## EXERCISE AIM:
Only the text of the records belongs in the answer, copied exactly and without pictures.

╭─ DATA IN THIS EXERCISE

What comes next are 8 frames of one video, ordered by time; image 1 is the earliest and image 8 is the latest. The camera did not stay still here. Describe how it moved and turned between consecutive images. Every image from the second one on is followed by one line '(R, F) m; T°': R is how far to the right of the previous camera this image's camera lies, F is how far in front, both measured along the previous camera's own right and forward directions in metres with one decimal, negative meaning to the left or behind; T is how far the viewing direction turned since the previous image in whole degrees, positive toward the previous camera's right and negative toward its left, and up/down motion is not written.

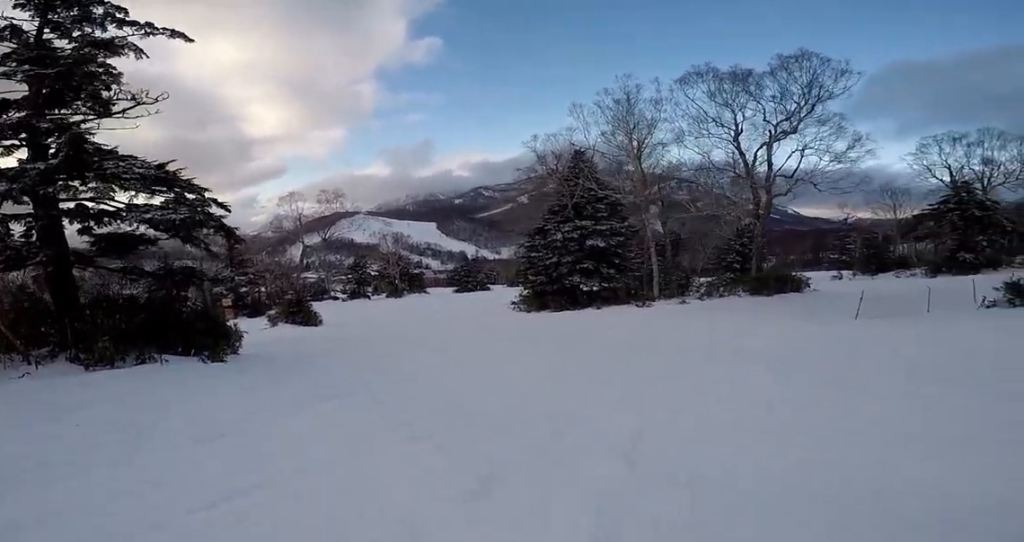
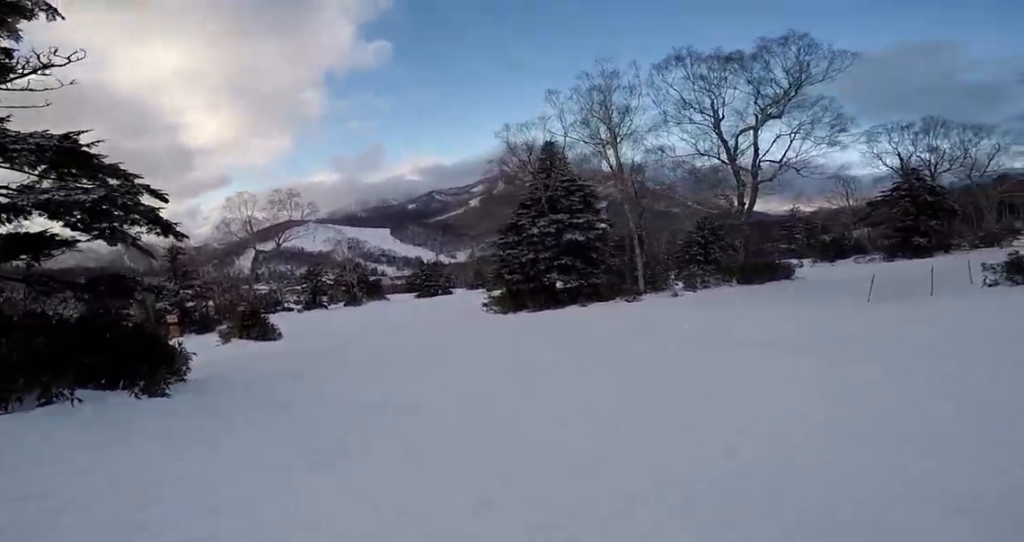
(+0.2, +2.9) m; +7°
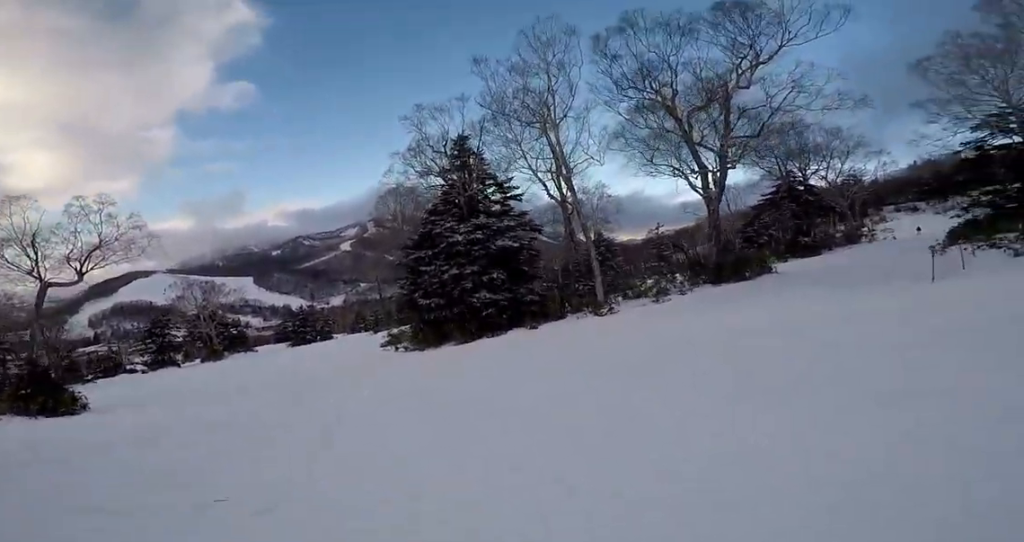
(+1.4, +9.0) m; +14°
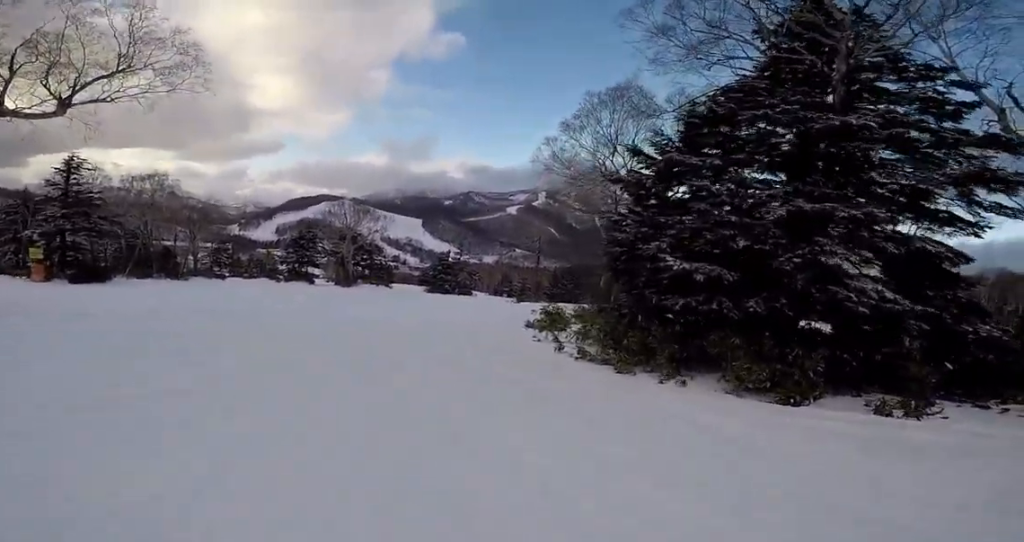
(-1.9, +17.3) m; -17°
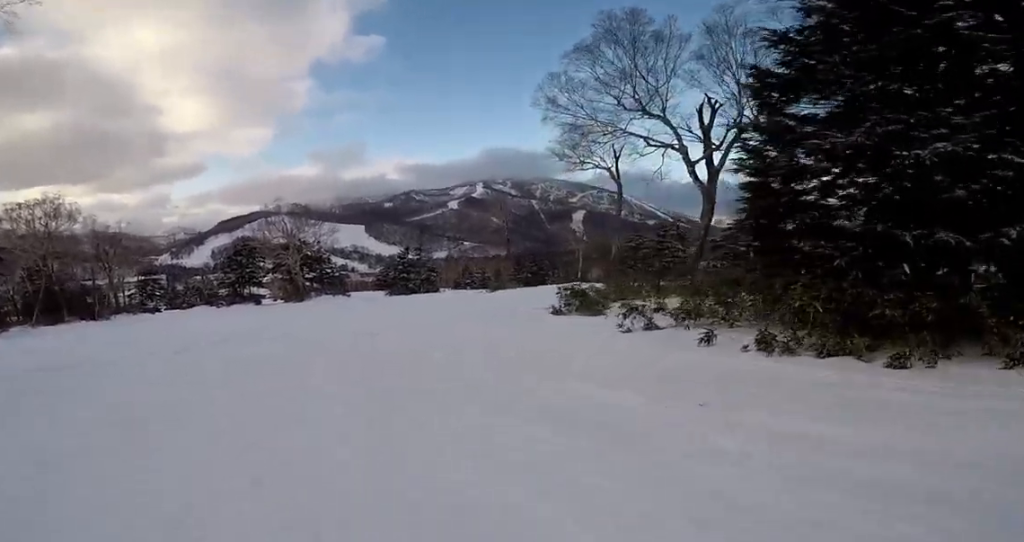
(-0.1, +8.0) m; +9°
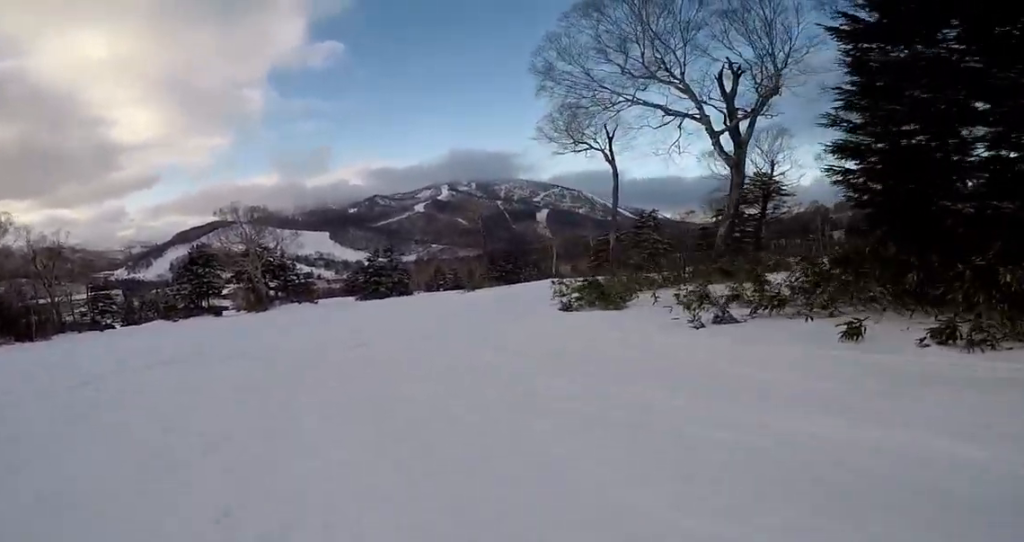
(+0.3, +3.6) m; +5°
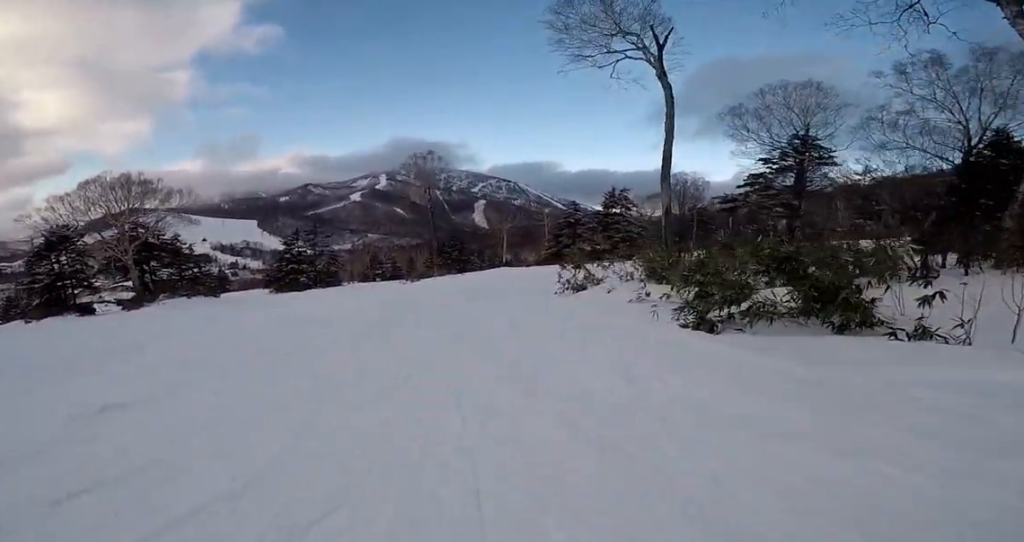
(+1.8, +12.6) m; +6°
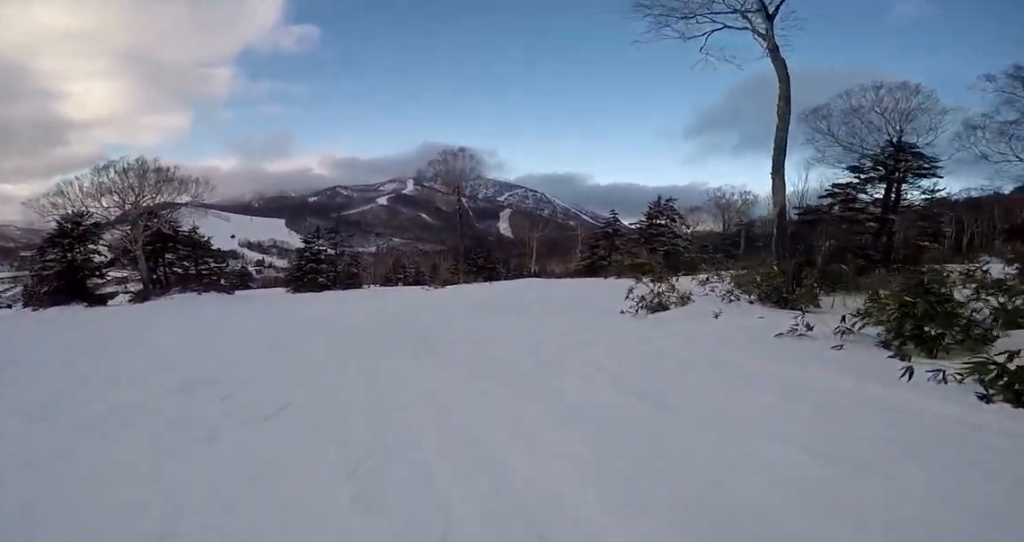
(0.0, +3.9) m; -1°

╰─

## EXPECTED ANSWER:
What comes next are 8 frames of one video, ordered by time; image 1 is the earliest and image 8 is the latest. The camera did not stay still here. Describe how it moved and turned between consecutive images. Every image from the second one on is followed by one line '(R, F) m; T°': R is how far to the right of the previous camera this image's camera lies, F is how far in front, both measured along the previous camera's own right and forward directions in metres with one decimal, negative meaning to the left or behind; T is how far the viewing direction turned since the previous image in whole degrees, positive toward the previous camera's right and negative toward its left, and up/down motion is not written.

(+0.2, +2.9) m; +7°
(+1.4, +9.0) m; +14°
(-1.9, +17.3) m; -17°
(-0.1, +8.0) m; +9°
(+0.3, +3.6) m; +5°
(+1.8, +12.6) m; +6°
(0.0, +3.9) m; -1°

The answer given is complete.